== Exercise description ==
Each line of the data below must be reproduced without any change.

Items from a data source

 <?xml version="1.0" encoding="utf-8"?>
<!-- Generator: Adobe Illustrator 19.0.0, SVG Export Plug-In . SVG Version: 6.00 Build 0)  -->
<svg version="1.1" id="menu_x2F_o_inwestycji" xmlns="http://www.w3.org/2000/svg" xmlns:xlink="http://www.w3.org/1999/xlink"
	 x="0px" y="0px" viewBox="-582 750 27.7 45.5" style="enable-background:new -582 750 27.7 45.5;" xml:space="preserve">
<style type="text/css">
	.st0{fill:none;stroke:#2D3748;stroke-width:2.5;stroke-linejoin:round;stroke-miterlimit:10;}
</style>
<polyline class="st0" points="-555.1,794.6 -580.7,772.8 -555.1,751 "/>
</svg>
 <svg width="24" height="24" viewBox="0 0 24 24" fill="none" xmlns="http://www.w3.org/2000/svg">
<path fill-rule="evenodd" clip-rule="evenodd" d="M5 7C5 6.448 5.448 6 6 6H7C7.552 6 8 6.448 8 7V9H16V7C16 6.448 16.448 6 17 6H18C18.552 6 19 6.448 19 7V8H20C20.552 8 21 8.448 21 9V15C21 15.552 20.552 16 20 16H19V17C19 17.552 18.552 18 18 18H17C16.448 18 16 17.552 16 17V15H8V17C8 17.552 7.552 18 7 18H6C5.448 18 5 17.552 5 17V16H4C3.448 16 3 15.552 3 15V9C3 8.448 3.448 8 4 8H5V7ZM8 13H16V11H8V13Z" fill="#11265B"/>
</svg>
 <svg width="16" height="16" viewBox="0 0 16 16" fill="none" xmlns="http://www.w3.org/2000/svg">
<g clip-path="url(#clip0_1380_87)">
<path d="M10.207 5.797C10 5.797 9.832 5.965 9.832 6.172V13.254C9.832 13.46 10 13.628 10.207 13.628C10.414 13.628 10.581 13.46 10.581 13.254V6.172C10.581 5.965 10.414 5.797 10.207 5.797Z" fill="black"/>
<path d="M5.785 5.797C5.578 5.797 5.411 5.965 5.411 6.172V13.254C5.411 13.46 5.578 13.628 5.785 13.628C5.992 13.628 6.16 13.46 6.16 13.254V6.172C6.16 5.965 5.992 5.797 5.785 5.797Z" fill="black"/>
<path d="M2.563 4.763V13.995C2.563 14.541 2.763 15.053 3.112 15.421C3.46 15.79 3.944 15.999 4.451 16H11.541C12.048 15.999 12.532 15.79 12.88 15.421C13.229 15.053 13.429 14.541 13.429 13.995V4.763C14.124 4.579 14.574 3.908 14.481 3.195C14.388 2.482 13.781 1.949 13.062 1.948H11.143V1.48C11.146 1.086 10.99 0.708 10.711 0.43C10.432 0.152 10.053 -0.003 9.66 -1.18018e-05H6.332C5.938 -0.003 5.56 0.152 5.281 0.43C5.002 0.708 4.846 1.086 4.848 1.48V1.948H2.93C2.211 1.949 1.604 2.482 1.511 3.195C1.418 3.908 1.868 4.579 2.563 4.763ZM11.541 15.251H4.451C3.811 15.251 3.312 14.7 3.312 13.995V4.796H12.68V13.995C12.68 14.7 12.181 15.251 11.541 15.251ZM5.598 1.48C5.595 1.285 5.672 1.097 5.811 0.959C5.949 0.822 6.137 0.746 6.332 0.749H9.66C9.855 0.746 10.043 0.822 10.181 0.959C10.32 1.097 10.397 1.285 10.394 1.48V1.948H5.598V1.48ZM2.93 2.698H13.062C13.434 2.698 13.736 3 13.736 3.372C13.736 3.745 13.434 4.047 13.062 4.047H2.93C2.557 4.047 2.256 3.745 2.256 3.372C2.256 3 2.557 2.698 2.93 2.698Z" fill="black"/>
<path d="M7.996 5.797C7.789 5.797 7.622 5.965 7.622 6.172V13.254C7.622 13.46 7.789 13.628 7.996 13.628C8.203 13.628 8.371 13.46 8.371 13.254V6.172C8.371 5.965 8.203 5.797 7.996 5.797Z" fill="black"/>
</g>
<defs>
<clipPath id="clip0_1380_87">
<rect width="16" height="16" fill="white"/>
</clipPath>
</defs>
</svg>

== Expected answer ==
 <?xml version="1.0" encoding="utf-8"?>
<!-- Generator: Adobe Illustrator 19.0.0, SVG Export Plug-In . SVG Version: 6.00 Build 0)  -->
<svg version="1.1" id="menu_x2F_o_inwestycji" xmlns="http://www.w3.org/2000/svg" xmlns:xlink="http://www.w3.org/1999/xlink"
	 x="0px" y="0px" viewBox="-582 750 27.7 45.5" style="enable-background:new -582 750 27.7 45.5;" xml:space="preserve">
<style type="text/css">
	.st0{fill:none;stroke:#2D3748;stroke-width:2.5;stroke-linejoin:round;stroke-miterlimit:10;}
</style>
<polyline class="st0" points="-555.1,794.6 -580.7,772.8 -555.1,751 "/>
</svg>
 <svg width="24" height="24" viewBox="0 0 24 24" fill="none" xmlns="http://www.w3.org/2000/svg">
<path fill-rule="evenodd" clip-rule="evenodd" d="M5 7C5 6.448 5.448 6 6 6H7C7.552 6 8 6.448 8 7V9H16V7C16 6.448 16.448 6 17 6H18C18.552 6 19 6.448 19 7V8H20C20.552 8 21 8.448 21 9V15C21 15.552 20.552 16 20 16H19V17C19 17.552 18.552 18 18 18H17C16.448 18 16 17.552 16 17V15H8V17C8 17.552 7.552 18 7 18H6C5.448 18 5 17.552 5 17V16H4C3.448 16 3 15.552 3 15V9C3 8.448 3.448 8 4 8H5V7ZM8 13H16V11H8V13Z" fill="#11265B"/>
</svg>
 <svg width="16" height="16" viewBox="0 0 16 16" fill="none" xmlns="http://www.w3.org/2000/svg">
<g clip-path="url(#clip0_1380_87)">
<path d="M10.207 5.797C10 5.797 9.832 5.965 9.832 6.172V13.254C9.832 13.46 10 13.628 10.207 13.628C10.414 13.628 10.581 13.46 10.581 13.254V6.172C10.581 5.965 10.414 5.797 10.207 5.797Z" fill="black"/>
<path d="M5.785 5.797C5.578 5.797 5.411 5.965 5.411 6.172V13.254C5.411 13.46 5.578 13.628 5.785 13.628C5.992 13.628 6.16 13.46 6.16 13.254V6.172C6.16 5.965 5.992 5.797 5.785 5.797Z" fill="black"/>
<path d="M2.563 4.763V13.995C2.563 14.541 2.763 15.053 3.112 15.421C3.46 15.79 3.944 15.999 4.451 16H11.541C12.048 15.999 12.532 15.79 12.88 15.421C13.229 15.053 13.429 14.541 13.429 13.995V4.763C14.124 4.579 14.574 3.908 14.481 3.195C14.388 2.482 13.781 1.949 13.062 1.948H11.143V1.48C11.146 1.086 10.99 0.708 10.711 0.43C10.432 0.152 10.053 -0.003 9.66 -1.18018e-05H6.332C5.938 -0.003 5.56 0.152 5.281 0.43C5.002 0.708 4.846 1.086 4.848 1.48V1.948H2.93C2.211 1.949 1.604 2.482 1.511 3.195C1.418 3.908 1.868 4.579 2.563 4.763ZM11.541 15.251H4.451C3.811 15.251 3.312 14.7 3.312 13.995V4.796H12.68V13.995C12.68 14.7 12.181 15.251 11.541 15.251ZM5.598 1.48C5.595 1.285 5.672 1.097 5.811 0.959C5.949 0.822 6.137 0.746 6.332 0.749H9.66C9.855 0.746 10.043 0.822 10.181 0.959C10.32 1.097 10.397 1.285 10.394 1.48V1.948H5.598V1.48ZM2.93 2.698H13.062C13.434 2.698 13.736 3 13.736 3.372C13.736 3.745 13.434 4.047 13.062 4.047H2.93C2.557 4.047 2.256 3.745 2.256 3.372C2.256 3 2.557 2.698 2.93 2.698Z" fill="black"/>
<path d="M7.996 5.797C7.789 5.797 7.622 5.965 7.622 6.172V13.254C7.622 13.46 7.789 13.628 7.996 13.628C8.203 13.628 8.371 13.46 8.371 13.254V6.172C8.371 5.965 8.203 5.797 7.996 5.797Z" fill="black"/>
</g>
<defs>
<clipPath id="clip0_1380_87">
<rect width="16" height="16" fill="white"/>
</clipPath>
</defs>
</svg>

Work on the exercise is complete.